_What you are asked to do_
Give back every line of the material below that has the string "style".
* * * *
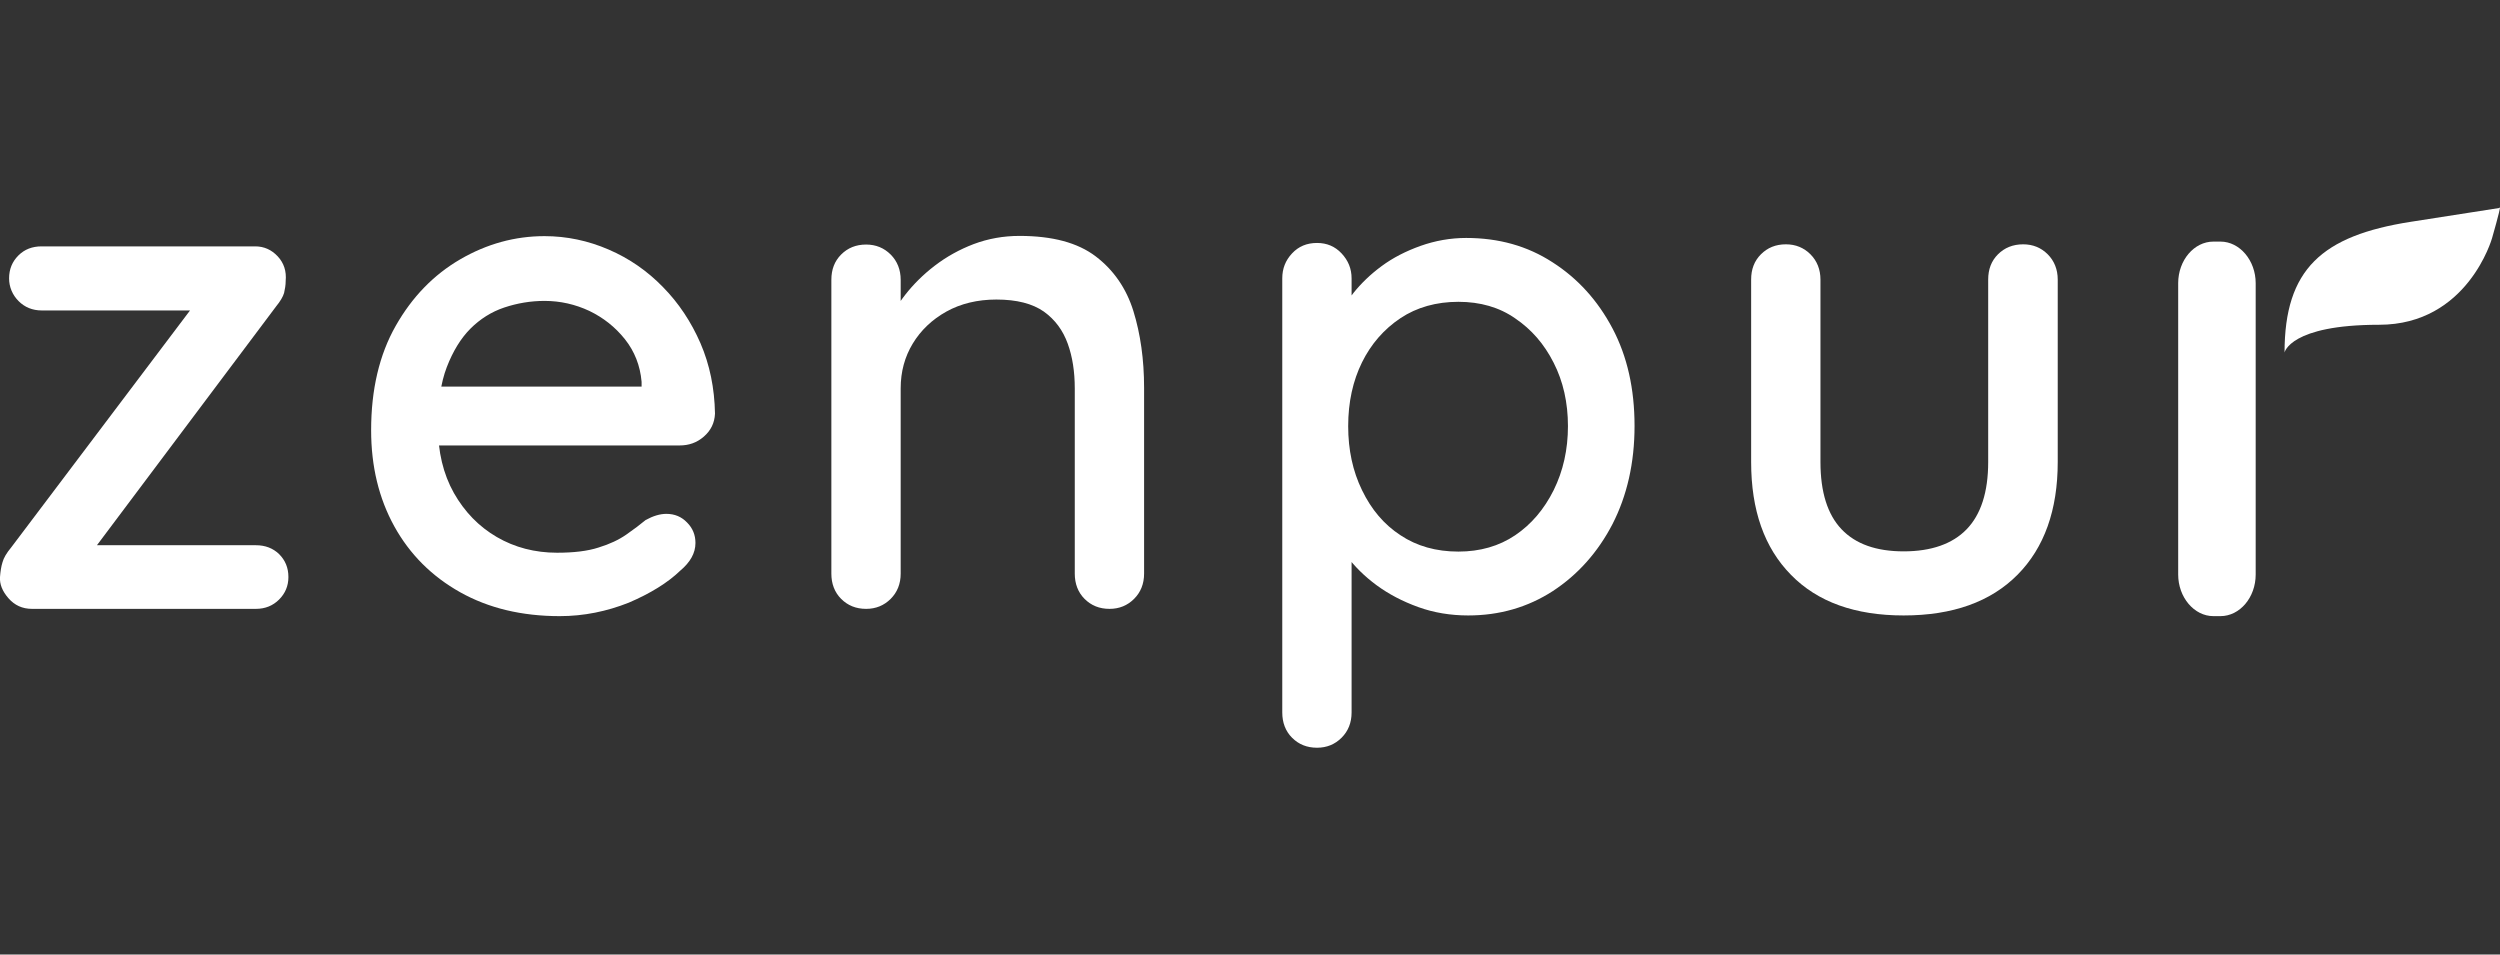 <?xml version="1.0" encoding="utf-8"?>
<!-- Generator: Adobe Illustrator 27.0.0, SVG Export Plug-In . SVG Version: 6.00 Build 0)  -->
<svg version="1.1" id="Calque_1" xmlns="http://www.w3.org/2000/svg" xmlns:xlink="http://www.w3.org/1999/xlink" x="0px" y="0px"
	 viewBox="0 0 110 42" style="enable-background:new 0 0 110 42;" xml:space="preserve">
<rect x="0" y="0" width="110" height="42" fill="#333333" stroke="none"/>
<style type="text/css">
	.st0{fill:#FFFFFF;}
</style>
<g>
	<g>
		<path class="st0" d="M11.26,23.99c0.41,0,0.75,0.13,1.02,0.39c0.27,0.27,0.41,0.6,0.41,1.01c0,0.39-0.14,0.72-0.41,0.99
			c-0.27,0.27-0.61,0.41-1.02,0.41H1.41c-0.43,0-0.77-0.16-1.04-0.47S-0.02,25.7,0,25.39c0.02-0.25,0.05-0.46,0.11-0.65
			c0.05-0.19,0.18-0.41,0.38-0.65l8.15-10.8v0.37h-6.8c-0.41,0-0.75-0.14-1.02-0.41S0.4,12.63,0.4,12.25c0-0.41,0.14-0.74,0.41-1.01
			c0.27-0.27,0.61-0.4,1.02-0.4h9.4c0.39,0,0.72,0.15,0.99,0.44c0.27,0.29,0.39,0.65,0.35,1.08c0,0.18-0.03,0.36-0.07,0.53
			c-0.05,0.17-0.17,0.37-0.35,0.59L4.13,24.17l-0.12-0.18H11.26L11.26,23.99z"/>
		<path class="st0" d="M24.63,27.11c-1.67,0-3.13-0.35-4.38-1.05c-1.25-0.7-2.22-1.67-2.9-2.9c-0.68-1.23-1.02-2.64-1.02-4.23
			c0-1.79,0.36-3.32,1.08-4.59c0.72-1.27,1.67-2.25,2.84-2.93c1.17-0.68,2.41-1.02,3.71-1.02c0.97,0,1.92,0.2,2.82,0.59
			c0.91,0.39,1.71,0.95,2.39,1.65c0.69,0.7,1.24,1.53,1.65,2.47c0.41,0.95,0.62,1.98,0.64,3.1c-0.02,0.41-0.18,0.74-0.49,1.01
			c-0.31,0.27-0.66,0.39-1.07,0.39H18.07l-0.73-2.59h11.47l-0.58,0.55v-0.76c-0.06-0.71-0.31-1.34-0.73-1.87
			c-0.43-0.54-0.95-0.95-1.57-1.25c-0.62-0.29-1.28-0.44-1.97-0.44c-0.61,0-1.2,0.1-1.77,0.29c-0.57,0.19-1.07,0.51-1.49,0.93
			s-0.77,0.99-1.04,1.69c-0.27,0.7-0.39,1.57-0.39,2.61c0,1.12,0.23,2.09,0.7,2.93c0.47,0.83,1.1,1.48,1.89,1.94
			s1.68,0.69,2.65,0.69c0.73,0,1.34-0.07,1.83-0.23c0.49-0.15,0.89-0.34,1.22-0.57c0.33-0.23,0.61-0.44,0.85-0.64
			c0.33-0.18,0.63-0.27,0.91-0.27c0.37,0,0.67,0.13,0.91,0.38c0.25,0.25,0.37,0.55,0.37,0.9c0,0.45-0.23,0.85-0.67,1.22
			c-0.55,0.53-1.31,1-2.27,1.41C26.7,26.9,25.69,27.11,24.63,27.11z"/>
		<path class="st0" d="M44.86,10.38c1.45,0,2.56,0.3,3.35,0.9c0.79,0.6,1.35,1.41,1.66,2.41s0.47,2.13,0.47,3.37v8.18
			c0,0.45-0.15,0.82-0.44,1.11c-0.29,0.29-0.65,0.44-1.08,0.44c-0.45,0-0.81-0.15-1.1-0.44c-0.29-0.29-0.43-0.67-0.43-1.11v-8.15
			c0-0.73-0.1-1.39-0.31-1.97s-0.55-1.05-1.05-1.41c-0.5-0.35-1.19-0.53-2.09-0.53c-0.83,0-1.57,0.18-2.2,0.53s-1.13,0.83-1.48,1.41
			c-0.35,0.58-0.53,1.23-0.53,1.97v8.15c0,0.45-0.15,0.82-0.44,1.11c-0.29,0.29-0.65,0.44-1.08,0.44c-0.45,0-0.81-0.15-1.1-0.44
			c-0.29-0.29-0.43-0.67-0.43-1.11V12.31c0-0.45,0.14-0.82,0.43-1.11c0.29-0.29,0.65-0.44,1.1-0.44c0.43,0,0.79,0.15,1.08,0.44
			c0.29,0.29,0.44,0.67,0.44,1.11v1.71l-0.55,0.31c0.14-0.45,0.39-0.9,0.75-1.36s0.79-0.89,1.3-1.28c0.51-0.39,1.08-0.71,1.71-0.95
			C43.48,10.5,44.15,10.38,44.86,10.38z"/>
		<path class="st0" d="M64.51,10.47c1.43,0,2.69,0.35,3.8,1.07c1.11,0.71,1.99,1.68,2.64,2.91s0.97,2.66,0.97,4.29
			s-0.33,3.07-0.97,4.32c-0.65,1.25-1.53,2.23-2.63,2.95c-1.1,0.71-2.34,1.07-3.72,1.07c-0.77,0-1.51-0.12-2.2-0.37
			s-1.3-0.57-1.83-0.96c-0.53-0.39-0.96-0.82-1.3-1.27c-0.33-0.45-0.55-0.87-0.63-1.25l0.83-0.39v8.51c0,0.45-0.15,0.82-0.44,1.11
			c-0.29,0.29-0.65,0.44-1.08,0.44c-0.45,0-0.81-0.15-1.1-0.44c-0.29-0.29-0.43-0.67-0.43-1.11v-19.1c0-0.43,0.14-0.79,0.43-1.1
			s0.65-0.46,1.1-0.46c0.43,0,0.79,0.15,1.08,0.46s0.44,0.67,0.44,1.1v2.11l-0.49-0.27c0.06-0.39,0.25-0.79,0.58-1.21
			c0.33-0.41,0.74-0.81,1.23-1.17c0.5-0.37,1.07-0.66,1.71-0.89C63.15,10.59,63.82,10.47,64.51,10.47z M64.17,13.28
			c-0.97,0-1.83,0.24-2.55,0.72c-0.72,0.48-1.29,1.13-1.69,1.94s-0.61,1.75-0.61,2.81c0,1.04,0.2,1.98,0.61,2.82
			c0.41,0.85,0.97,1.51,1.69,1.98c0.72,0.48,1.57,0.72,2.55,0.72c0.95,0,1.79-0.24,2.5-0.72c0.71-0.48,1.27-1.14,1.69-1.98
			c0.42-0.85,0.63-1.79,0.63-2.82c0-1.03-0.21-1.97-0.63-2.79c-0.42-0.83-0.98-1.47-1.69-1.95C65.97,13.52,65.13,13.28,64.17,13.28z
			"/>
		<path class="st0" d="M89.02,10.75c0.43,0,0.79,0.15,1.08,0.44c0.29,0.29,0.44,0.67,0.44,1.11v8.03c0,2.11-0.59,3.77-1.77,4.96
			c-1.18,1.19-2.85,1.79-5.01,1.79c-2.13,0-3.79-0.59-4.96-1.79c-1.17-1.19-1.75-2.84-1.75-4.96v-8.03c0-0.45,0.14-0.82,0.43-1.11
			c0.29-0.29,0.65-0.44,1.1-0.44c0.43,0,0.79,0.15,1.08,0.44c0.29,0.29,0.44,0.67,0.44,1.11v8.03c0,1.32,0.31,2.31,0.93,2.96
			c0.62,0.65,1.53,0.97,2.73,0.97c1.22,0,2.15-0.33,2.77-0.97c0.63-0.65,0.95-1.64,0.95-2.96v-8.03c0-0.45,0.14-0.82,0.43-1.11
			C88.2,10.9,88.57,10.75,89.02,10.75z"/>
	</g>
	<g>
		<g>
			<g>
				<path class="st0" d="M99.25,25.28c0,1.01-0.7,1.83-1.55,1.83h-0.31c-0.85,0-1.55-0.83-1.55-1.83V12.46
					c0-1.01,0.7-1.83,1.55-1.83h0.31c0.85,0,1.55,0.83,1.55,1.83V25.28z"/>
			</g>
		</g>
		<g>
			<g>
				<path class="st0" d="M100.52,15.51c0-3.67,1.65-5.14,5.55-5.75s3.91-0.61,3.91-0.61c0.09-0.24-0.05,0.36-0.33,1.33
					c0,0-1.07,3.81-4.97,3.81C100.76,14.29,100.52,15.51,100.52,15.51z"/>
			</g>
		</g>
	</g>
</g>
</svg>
* * * *
_Finished exercise_
	 viewBox="0 0 110 42" style="enable-background:new 0 0 110 42;" xml:space="preserve">
<style type="text/css">
</style>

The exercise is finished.